The company recently launched its fifth commercial multifamily investment property, a 366-unit multifamily housing complex that was purchased for approximately $235 million, with $100 million in Bitcoin (BTC) added to the fund, Cardone told Cointelegraph.
Real estate’s low volatility, tax benefits, income generation and stable value combined with Bitcoin’s high volatility gives the fund the best of both worlds, allowing it to channel rental income into more BTC purchases, Cardone said. He added:
“The objective is to take that public vehicle and turn it into shares. We believe that real estate and bitcoin combined as a stock, commercial as a public company, is like treasuries of digital assets. But we have a real product, a real asset, real income, real tenants, real customers. We have a free cash flow.”
“This property will make $10 million worth of net operating income per year that we can use to buy more Bitcoin,” he said.
This combination could allow the incorporation of new strategies in real estate investment trusts (REITs), portfolios of physical properties listed on the stock exchange that provide investors with passive exposure to real estate.
Related: Metaplanet’s Bitcoin Earnings Plunge 39% As October Crash Pressures Corporate Treasurers
Most crypto-treasury companies raise funds by issuing corporate debt and equity to finance purchases, but do not have an operating business that generates cash flow.
“If the company is only bitcoin, why should I invest in that company?
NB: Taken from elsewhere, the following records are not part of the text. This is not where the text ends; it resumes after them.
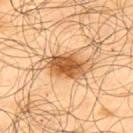The lesion was tiled from a total-body skin photograph and was not biopsied.
This image is a 15 mm lesion crop taken from a total-body photograph.
A male subject, approximately 65 years of age.
Approximately 4.5 mm at its widest.
The tile uses cross-polarized illumination.
The lesion is located on the upper back.
The total-body-photography lesion software estimated an average lesion color of about L≈54 a*≈23 b*≈41 (CIELAB), about 16 CIELAB-L* units darker than the surrounding skin, and a normalized border contrast of about 11. And it measured internal color variation of about 4.5 on a 0–10 scale and a peripheral color-asymmetry measure near 1.5. It also reported a nevus-likeness score of about 95/100 and a detector confidence of about 100 out of 100 that the crop contains a lesion.

Real estate is the best treasury company that you can build because it is not a product that is discretionary – you have to buy housing,” said Cardone.
The lack of operating companies is a reason only a a host of treasury companies will survive the next decline of the crypto market, according to the venture capital company Breed.
Treasury company experienced a large setback in September as the multiple on the net asset value (mNAV), or before the price above the total assets of the assets of a company, collapsed.
When mNAV is above one, these treasury companies can lend more funds to finance purchases, but when mNAV contracts to 1 or less, access to financing dries up.
This can lead to a situation in which overleveraged companies, unable to meet their debt service costs, are either forced to divert their cryptocurrencies on the market to pay the debt – further reducing asset prices – or declare bankruptcy.